══ Data for processing ══

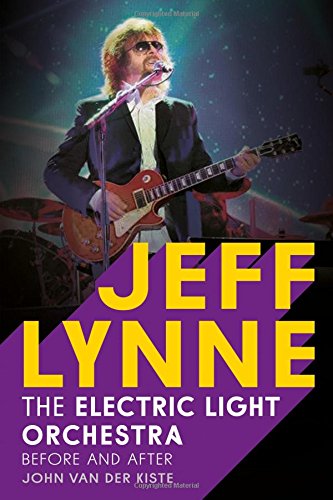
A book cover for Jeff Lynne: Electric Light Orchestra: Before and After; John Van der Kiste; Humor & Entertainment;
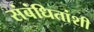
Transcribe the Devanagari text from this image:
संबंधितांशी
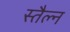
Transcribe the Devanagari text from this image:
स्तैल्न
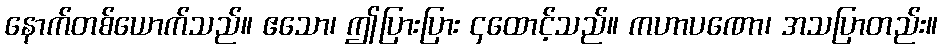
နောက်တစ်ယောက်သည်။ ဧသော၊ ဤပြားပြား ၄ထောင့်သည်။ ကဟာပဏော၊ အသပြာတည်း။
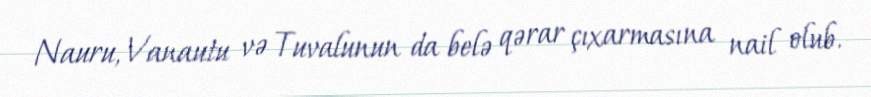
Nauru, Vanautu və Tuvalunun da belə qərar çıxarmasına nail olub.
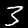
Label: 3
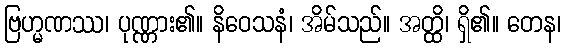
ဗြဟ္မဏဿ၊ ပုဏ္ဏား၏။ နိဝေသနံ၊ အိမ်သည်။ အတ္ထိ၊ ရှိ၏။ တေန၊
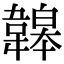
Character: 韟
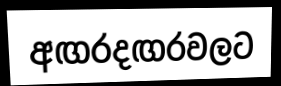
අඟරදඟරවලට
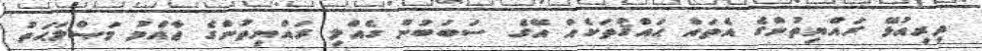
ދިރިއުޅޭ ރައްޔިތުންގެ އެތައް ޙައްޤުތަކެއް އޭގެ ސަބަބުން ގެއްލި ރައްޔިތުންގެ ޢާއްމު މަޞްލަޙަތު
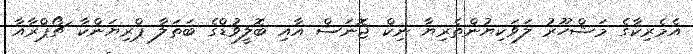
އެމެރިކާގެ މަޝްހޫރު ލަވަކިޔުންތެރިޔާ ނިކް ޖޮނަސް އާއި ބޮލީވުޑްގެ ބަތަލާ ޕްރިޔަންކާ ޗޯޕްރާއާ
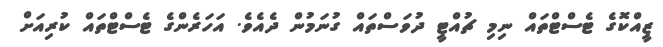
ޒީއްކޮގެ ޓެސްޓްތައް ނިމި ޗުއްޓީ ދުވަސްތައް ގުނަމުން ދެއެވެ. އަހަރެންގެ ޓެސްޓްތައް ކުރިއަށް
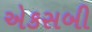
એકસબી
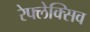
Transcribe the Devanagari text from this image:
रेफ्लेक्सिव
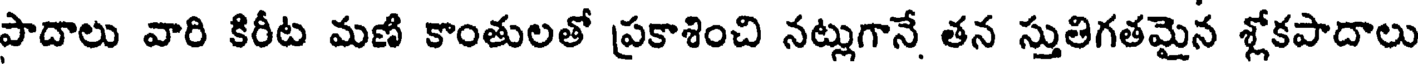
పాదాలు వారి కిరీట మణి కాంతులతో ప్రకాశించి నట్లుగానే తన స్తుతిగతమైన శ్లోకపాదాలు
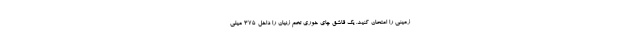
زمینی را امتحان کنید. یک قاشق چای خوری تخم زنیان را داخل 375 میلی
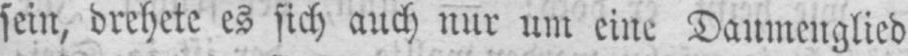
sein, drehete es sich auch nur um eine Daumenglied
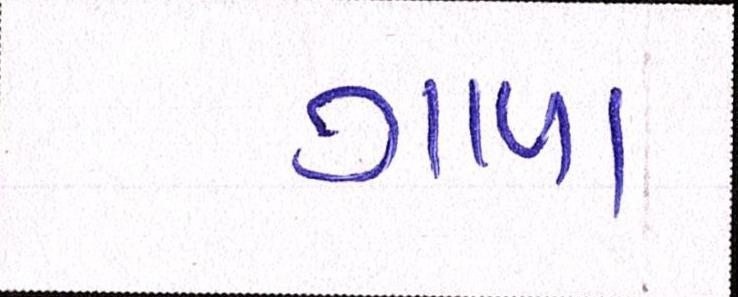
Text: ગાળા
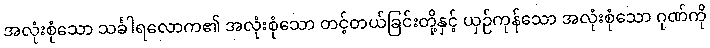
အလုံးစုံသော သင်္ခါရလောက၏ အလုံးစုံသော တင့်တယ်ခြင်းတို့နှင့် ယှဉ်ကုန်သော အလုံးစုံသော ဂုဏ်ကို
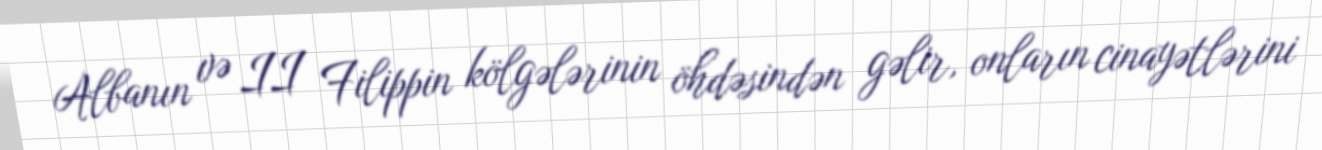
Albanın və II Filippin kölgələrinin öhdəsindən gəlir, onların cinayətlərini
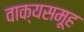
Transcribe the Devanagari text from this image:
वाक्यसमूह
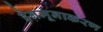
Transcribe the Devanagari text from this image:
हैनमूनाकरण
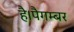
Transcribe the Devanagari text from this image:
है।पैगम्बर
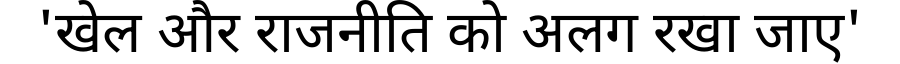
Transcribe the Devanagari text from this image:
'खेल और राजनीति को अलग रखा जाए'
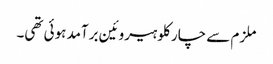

═══

About this exercise: Output the records exactly, please. The pictures are not part of the copy.

Response to the exercise:
A book cover for Jeff Lynne: Electric Light Orchestra: Before and After; John Van der Kiste; Humor & Entertainment;
Transcribe the Devanagari text from this image:
संबंधितांशी
Transcribe the Devanagari text from this image:
स्तैल्न
နောက်တစ်ယောက်သည်။ ဧသော၊ ဤပြားပြား ၄ထောင့်သည်။ ကဟာပဏော၊ အသပြာတည်း။
Nauru, Vanautu və Tuvalunun da belə qərar çıxarmasına nail olub.
Label: 3
ဗြဟ္မဏဿ၊ ပုဏ္ဏား၏။ နိဝေသနံ၊ အိမ်သည်။ အတ္ထိ၊ ရှိ၏။ တေန၊
Character: 韟
අඟරදඟරවලට
ދިރިއުޅޭ ރައްޔިތުންގެ އެތައް ޙައްޤުތަކެއް އޭގެ ސަބަބުން ގެއްލި ރައްޔިތުންގެ ޢާއްމު މަޞްލަޙަތު
އެމެރިކާގެ މަޝްހޫރު ލަވަކިޔުންތެރިޔާ ނިކް ޖޮނަސް އާއި ބޮލީވުޑްގެ ބަތަލާ ޕްރިޔަންކާ ޗޯޕްރާއާ
ޒީއްކޮގެ ޓެސްޓްތައް ނިމި ޗުއްޓީ ދުވަސްތައް ގުނަމުން ދެއެވެ. އަހަރެންގެ ޓެސްޓްތައް ކުރިއަށް
એકસબી
Transcribe the Devanagari text from this image:
रेफ्लेक्सिव
పాదాలు వారి కిరీట మణి కాంతులతో ప్రకాశించి నట్లుగానే తన స్తుతిగతమైన శ్లోకపాదాలు
زمینی را امتحان کنید. یک قاشق چای خوری تخم زنیان را داخل 375 میلی
sein, drehete es sich auch nur um eine Daumenglied
Text: ગાળા
အလုံးစုံသော သင်္ခါရလောက၏ အလုံးစုံသော တင့်တယ်ခြင်းတို့နှင့် ယှဉ်ကုန်သော အလုံးစုံသော ဂုဏ်ကို
Albanın və II Filippin kölgələrinin öhdəsindən gəlir, onların cinayətlərini
Transcribe the Devanagari text from this image:
वाक्यसमूह
Transcribe the Devanagari text from this image:
हैनमूनाकरण
Transcribe the Devanagari text from this image:
है।पैगम्बर
Transcribe the Devanagari text from this image:
'खेल और राजनीति को अलग रखा जाए'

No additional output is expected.